- Interactive map of Masa of Echo Park

Restaurant information
- Established: 2004
- Owners: Rob Rowe and Rhonda Reynolds
- Food type: Chicago-style pizza, Italian cuisine
- Location: 1800 W. Sunset Boulevard, Los Angeles, California, 90026, United States
- Coordinates: 34°04′39″N 118°15′35″W﻿ / ﻿34.0776°N 118.2597°W
- Website: masaofechopark.com

= Masa of Echo Park =

Restaurant and pizzeria in Los Angeles, California, U.S.

Masa of Echo Park is an Italian restaurant, bakery, and pizzeria in Los Angeles, California. It is located on Sunset Boulevard in the city's Echo Park neighborhood. Founded by Chicago natives Rob Rowe and Rhonda Reynolds in 2004, Masa of Echo Park has been rated one of the best restaurants in the United States for Chicago-style pizza, according to Yelp.
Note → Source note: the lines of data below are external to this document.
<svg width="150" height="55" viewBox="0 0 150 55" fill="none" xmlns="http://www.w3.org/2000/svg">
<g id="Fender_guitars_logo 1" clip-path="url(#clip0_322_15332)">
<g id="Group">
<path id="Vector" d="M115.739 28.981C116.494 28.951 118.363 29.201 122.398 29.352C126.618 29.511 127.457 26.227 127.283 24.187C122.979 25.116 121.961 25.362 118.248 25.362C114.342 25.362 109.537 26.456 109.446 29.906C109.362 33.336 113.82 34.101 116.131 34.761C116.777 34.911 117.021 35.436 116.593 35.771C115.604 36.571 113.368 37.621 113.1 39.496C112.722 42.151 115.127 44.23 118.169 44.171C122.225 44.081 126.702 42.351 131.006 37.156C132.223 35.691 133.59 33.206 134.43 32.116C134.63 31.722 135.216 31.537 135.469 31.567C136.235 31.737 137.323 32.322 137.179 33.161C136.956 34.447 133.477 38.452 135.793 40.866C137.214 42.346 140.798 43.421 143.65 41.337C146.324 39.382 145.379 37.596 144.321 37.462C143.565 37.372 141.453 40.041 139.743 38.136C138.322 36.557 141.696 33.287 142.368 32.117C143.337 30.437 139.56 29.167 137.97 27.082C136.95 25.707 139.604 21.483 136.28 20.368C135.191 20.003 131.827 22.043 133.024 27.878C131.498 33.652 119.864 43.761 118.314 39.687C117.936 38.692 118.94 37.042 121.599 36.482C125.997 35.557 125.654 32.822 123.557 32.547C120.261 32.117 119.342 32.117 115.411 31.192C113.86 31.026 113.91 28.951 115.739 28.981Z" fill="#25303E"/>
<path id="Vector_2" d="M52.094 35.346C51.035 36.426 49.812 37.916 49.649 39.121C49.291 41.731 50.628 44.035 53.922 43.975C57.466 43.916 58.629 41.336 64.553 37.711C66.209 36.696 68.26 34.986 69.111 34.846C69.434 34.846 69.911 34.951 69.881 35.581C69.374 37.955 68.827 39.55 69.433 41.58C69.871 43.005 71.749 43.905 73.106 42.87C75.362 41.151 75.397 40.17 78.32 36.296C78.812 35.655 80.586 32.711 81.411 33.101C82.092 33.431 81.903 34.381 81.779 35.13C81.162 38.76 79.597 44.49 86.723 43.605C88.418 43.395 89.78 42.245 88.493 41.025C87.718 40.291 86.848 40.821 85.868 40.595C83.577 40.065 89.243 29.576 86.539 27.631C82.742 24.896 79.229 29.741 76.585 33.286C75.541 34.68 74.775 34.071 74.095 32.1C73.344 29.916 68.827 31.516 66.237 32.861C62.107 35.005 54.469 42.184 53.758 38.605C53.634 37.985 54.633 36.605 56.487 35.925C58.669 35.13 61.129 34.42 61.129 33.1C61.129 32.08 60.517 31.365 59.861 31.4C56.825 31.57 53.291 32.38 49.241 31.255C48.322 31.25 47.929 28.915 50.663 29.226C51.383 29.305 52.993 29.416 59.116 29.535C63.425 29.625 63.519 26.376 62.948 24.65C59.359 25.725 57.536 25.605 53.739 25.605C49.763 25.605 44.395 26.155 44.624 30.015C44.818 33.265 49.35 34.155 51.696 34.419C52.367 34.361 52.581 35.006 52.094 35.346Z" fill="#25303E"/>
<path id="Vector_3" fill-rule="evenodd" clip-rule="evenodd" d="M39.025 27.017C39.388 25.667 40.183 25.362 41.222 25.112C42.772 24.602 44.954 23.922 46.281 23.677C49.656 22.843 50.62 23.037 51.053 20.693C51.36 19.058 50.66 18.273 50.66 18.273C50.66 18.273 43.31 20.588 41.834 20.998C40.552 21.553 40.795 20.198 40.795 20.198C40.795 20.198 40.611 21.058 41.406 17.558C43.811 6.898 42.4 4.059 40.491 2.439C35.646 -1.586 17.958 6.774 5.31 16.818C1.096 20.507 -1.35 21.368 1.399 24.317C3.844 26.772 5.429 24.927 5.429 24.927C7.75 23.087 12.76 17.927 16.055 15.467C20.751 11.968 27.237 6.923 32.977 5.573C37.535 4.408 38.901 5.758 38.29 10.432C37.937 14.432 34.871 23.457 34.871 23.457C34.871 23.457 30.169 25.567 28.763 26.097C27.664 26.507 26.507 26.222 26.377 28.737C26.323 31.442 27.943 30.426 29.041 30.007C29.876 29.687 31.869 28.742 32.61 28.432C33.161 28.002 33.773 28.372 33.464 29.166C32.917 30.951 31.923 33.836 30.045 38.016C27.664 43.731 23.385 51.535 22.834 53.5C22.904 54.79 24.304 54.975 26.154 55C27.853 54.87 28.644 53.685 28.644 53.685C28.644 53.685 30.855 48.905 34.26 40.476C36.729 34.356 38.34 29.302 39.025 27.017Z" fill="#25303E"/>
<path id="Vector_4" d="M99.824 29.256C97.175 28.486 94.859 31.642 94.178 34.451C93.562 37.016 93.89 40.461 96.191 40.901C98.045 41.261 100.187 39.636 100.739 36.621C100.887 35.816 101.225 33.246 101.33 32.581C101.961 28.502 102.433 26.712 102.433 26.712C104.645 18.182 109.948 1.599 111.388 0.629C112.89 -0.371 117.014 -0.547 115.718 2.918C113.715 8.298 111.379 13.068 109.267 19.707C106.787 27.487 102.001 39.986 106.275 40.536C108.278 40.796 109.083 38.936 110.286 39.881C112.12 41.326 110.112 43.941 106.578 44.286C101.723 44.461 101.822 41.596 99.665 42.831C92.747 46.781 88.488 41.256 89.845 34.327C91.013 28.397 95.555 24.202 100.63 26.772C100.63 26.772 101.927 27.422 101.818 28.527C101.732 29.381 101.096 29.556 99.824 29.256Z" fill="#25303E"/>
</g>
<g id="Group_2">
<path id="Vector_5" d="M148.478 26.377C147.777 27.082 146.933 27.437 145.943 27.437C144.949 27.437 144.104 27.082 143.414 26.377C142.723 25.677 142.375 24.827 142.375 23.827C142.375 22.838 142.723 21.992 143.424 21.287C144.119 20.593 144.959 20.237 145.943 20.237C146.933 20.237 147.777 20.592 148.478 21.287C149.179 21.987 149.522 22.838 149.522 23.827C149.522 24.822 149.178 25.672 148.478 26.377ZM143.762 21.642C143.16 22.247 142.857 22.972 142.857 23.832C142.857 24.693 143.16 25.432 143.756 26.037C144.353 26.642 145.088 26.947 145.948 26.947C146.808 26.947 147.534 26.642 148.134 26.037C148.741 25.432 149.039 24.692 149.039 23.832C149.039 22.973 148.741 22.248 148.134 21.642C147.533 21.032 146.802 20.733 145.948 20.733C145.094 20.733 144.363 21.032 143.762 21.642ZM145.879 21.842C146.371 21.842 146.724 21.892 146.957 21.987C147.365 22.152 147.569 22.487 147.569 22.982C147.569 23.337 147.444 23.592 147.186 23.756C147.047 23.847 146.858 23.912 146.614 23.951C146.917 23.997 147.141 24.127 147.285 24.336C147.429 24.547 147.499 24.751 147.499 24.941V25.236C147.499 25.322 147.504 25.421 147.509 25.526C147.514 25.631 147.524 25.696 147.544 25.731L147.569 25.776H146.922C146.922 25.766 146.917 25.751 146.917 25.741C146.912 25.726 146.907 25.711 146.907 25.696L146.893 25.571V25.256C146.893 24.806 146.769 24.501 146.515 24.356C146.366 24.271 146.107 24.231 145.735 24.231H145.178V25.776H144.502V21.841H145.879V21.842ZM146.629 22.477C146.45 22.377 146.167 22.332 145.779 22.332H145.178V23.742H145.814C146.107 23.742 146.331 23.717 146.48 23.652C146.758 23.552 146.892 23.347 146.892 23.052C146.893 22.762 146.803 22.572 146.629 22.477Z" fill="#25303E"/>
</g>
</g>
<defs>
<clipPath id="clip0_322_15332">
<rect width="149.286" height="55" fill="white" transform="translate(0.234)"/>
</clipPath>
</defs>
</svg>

Masa of Echo Park continues to be owned by husband and wife team Rowe and Reynolds, with the latter honored by U.S. Representative Adam Schiff in 2023 as Woman of the Year for California's 30th congressional district for her work with Masa and in the broader community. The restaurant also has a reputation for strong vegan options.